Somewhere on our way to adulthood, we lost touch with the simple joy of a frozen treat – especially that euphoric race against the clock before it melts down your forearm. Fortunately, Austin pastry chefs are bringing the fun back to the freezer, giving high-end glow-ups to childhood favorites. Whether it’s a handmade Choco Taco or a dramatic, flaming baked Alaska, these sub-zero sweets are capable of triggering a full-blown Anton Ego Ratatouille moment.

Suerte’s Chocotaco
Most people know the Choco Taco as the gas station classic that somehow always arrived a little cracked before you even unwrapped it. The version at Suerte, chef FermĂn Núñez’s East Austin heirloom masa hot spot, swaps the commercial stabilizers for culinary craftsmanship, hitting all the marks – but never coming out smashed.
Executive pastry chef Derrick Flynn developed the dessert during the pandemic while cooking staff meals. When the team began debating the merits of the original truck treat, Flynn built a replica from scratch and quickly realized that messing with a classic is a delicate balancing act.
“When the inspiration is that specific, too much variance pulls you away from the nostalgia you’re trying to hit,” Flynn says. “The goal was refinement, not reinvention.”
The star of the dish is the fresh chocolate masa shell. Flynn modeled his technique on a video of chef Alex Stupak making fried masa tuiles, treating the corn masa like actual dough by adding sugar, cocoa, and leaveners. To get the exact right crispness, the shells sit in a dehydrator for a full day. The inner semifreddo mimics the airy texture of the iconic filling but is richer with egg yolk and mascarpone, layered with a blend of cinnamon and a dark roasted peanut caramel.
Keeping frozen desserts intact during Austin’s punishing summers requires military precision, cutting down every freezer-to-table second. Fortunately for diners, all that work results in a dessert that disappears almost as quickly as its convenience store predecessor.

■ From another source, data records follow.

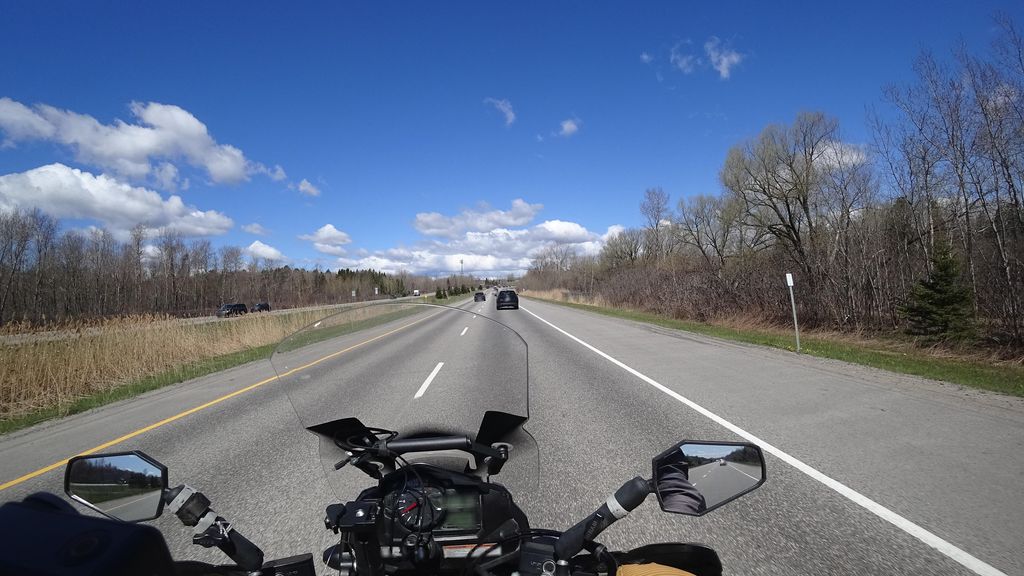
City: quebec_city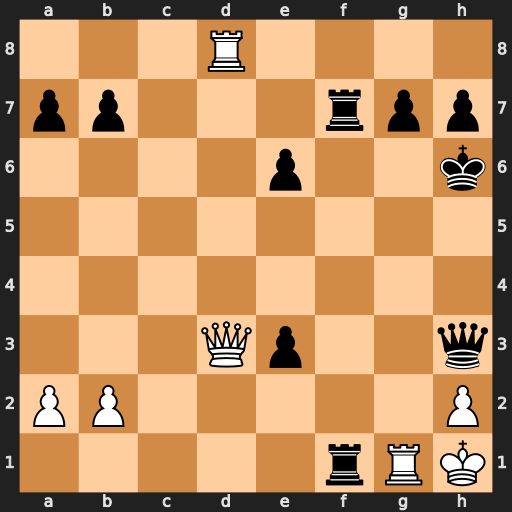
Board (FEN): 3R4/pp3rpp/4p2k/8/8/3Qp2q/PP5P/5rRK
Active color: w
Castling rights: -
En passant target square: -
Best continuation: Qg6+ hxg6 Rh8#

Lutie’s Kouign Amann Ice Cream
Tucked inside the Commodore Perry Estate, Lutie’s has built a reputation for polished Southern hospitality and one of the prettiest dining rooms in town. Its signature frozen dessert feels equally considered.
Served in a cut-glass bowl, the Kouign Amann Ice Cream (pronounced “queen ah-mahn”) combines vanilla bean ice cream with chunks of caramelized pastry, finished with warm caramel poured tableside and a miniature kouign amann perched on top.
Executive pastry chef Susana Querejazu wanted to capture what makes kouign amann so compelling within the dessert itself, rather than simply pairing pastry with ice cream.
“Kouign amann is beloved for its layers, butteriness, and caramelization, so translating those qualities into an ice cream felt like an exciting challenge,” Querejazu says.
To pull it off, the pastry team folds toasted kouign amann crumble into freshly spun ice cream daily, adding pops of crisp, buttery pastry throughout each scoop. The crumble gives leftover lamination scraps from the estate’s baking program a second life, while a miniature kouign amann topper provides the final flaky finish. If one scoop isn’t enough, Lutie’s even offers it by the pint.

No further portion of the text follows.